Ian Beven

Cricket information
- Batting: Left-handed
- Bowling: Right-arm off-break

Career statistics
| Competition | First-class | List A |
| Matches | 19 | 13 |
| Runs scored | 605 | 144 |
| Batting average | 17.79 | 13.09 |
| 100s/50s | 0/2 | 0/0 |
| Top score | 57 | 31 |
| Balls bowled | 1,759 | 526 |
| Wickets | 12 | 6 |
| Bowling average | 68.00 | 69.83 |
| 5 wickets in innings | 0 | 0 |
| 10 wickets in match | 0 | 0 |
| Best bowling | 2/31 | 3/34 |
| Catches/stumpings | 13/– | 3/– |
- Source: CricketArchive, 10 October 2022

= Ian Beven =

Tasmanian-born Scottish cricketer (born 1958)

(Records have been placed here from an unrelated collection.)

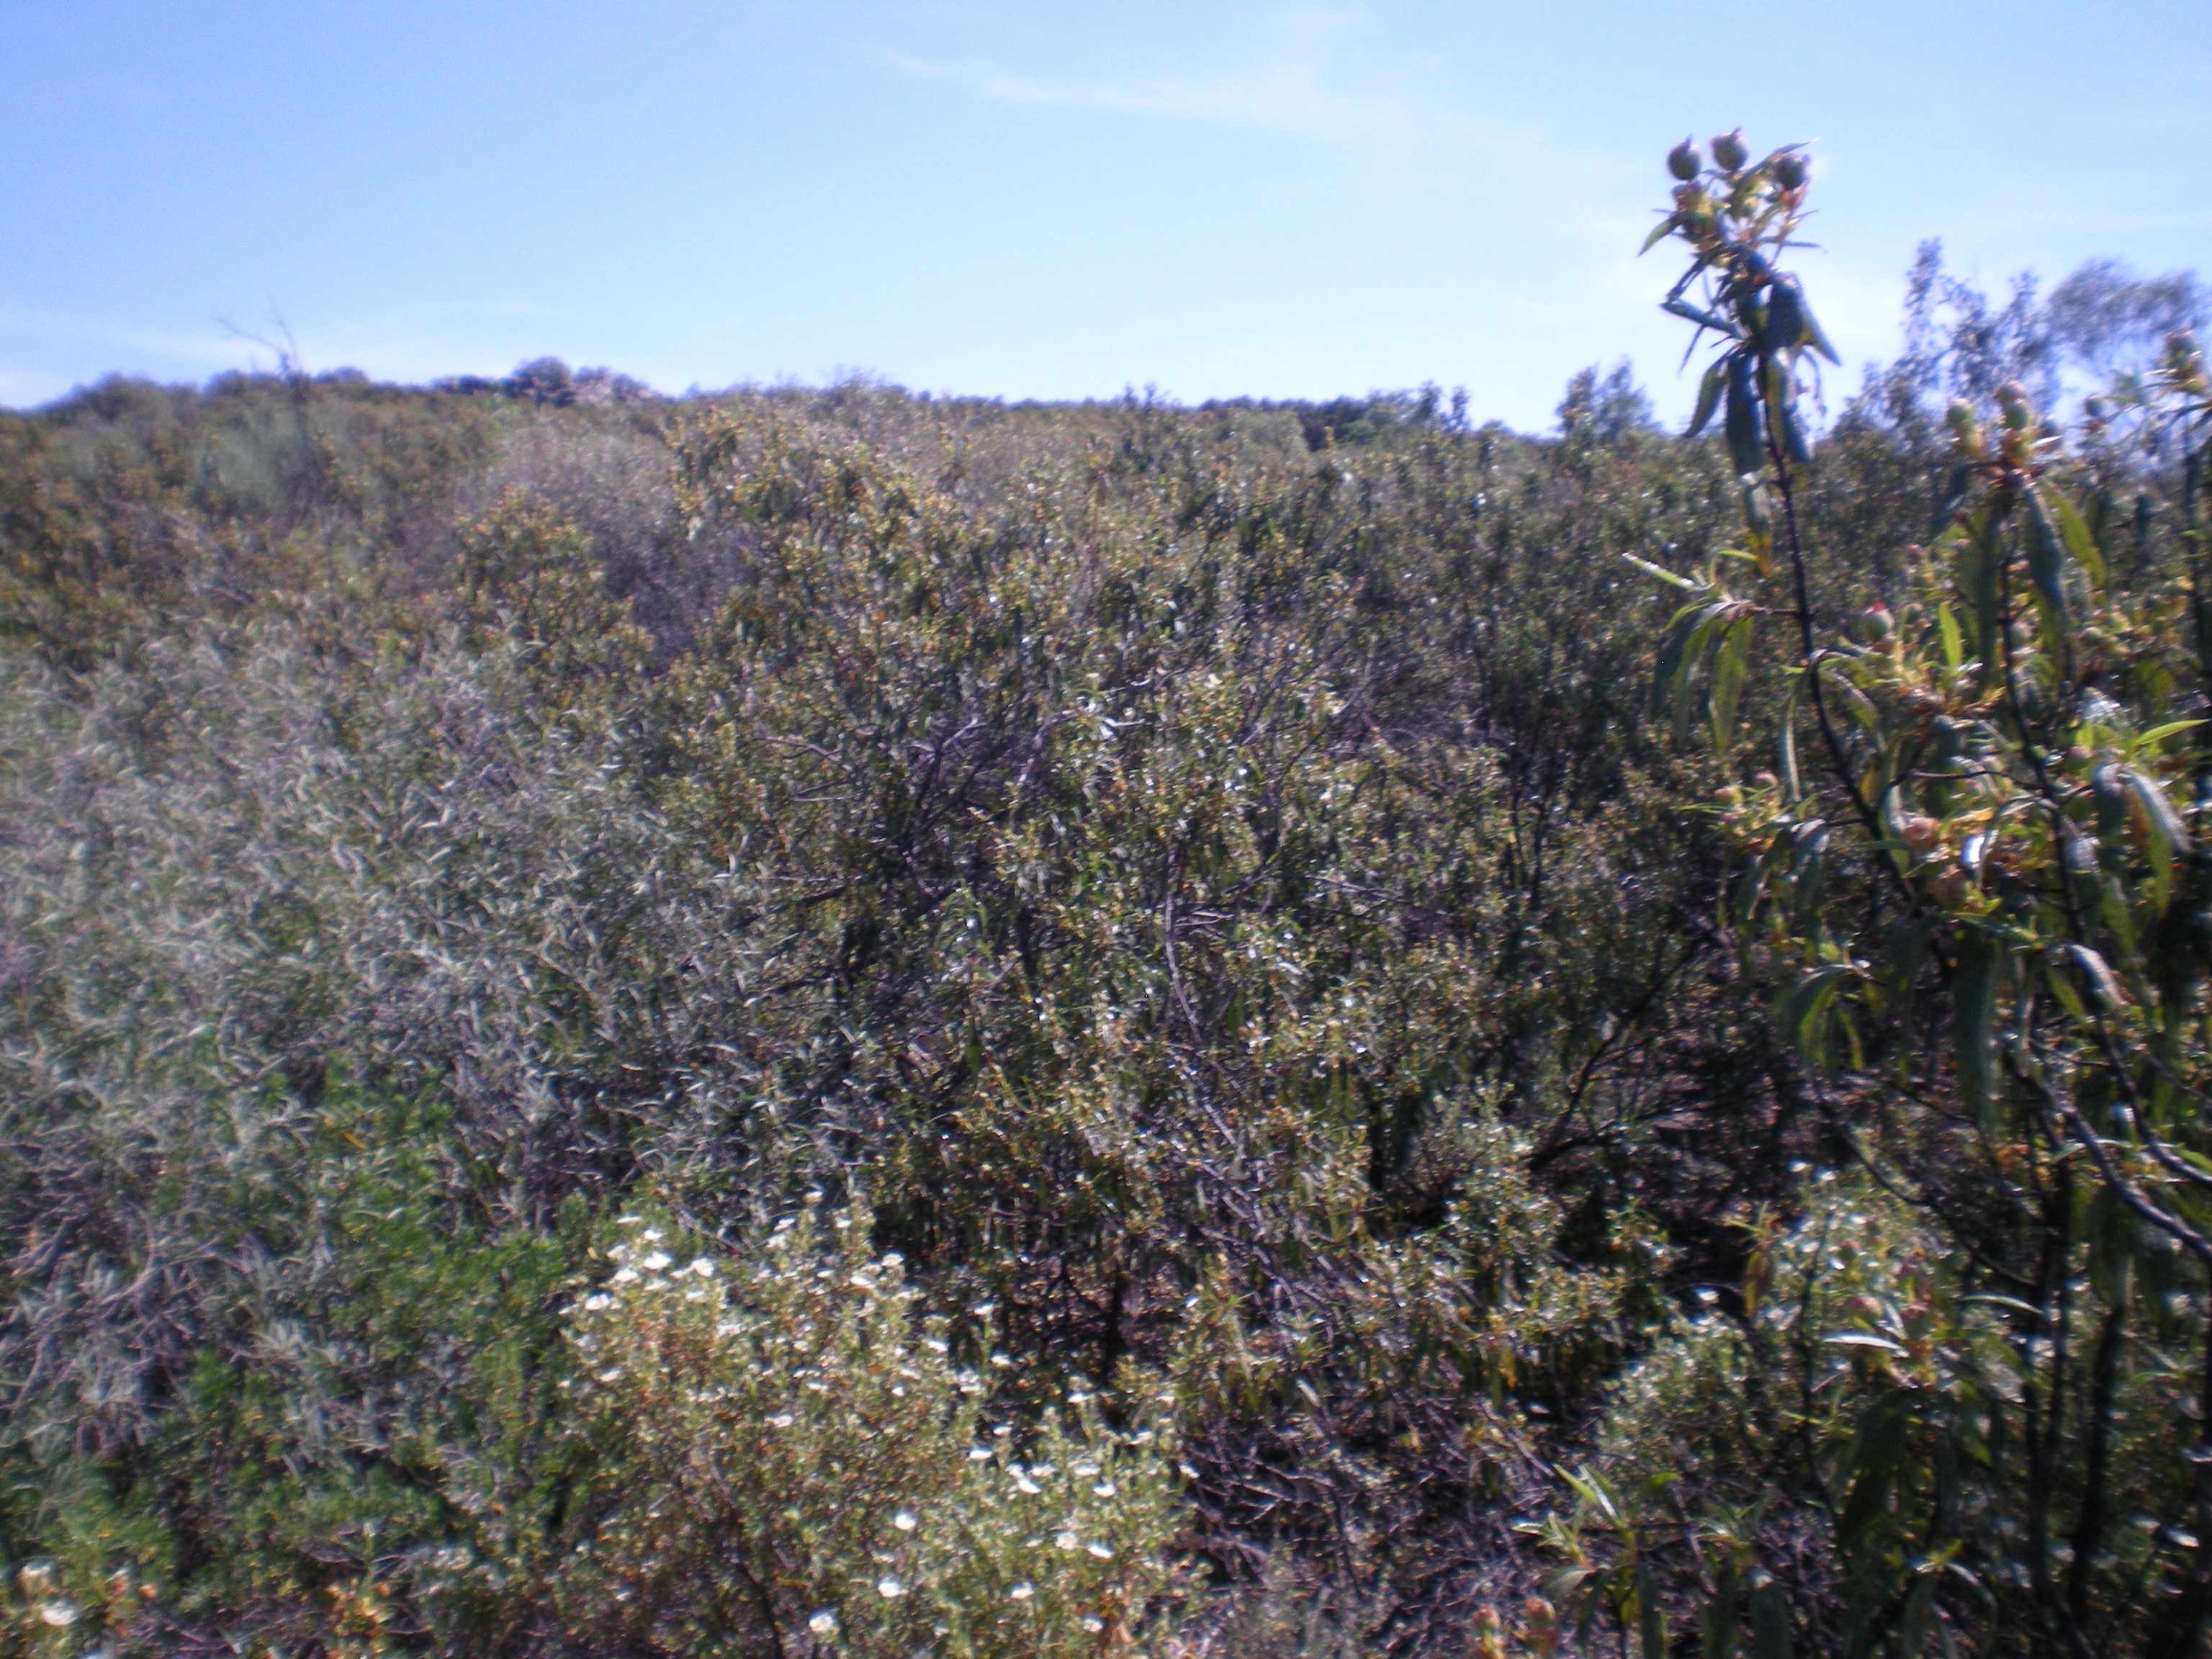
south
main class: Shrubland
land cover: Shrubland with sparse tree cover
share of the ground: > 75 %
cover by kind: shrubs 80 %, herbaceous plants 10 %, broadleaved forest trees 5 %, unconsolidated bare surface 5 %
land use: Other primary production
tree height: < 5 m
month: May
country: ES
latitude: 38.5283
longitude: -3.4638

Ian Robert Beven (born 27 November 1958 in Hobart) is a former first class cricketer. He was brought up in Tasmania, whom he represented in the Sheffield Shield between 1980/81 and 1983/84.

In 1983 he moved to Scotland and played club cricket. He became a permanent citizen and took a wicket with his first ball for Scotland, trapping Test player Roland Butcher LBW. He went on to appear 27 times for Scotland and he helped them reach the 1999 World Cup by taking 17 wickets in their ICC Trophy campaign.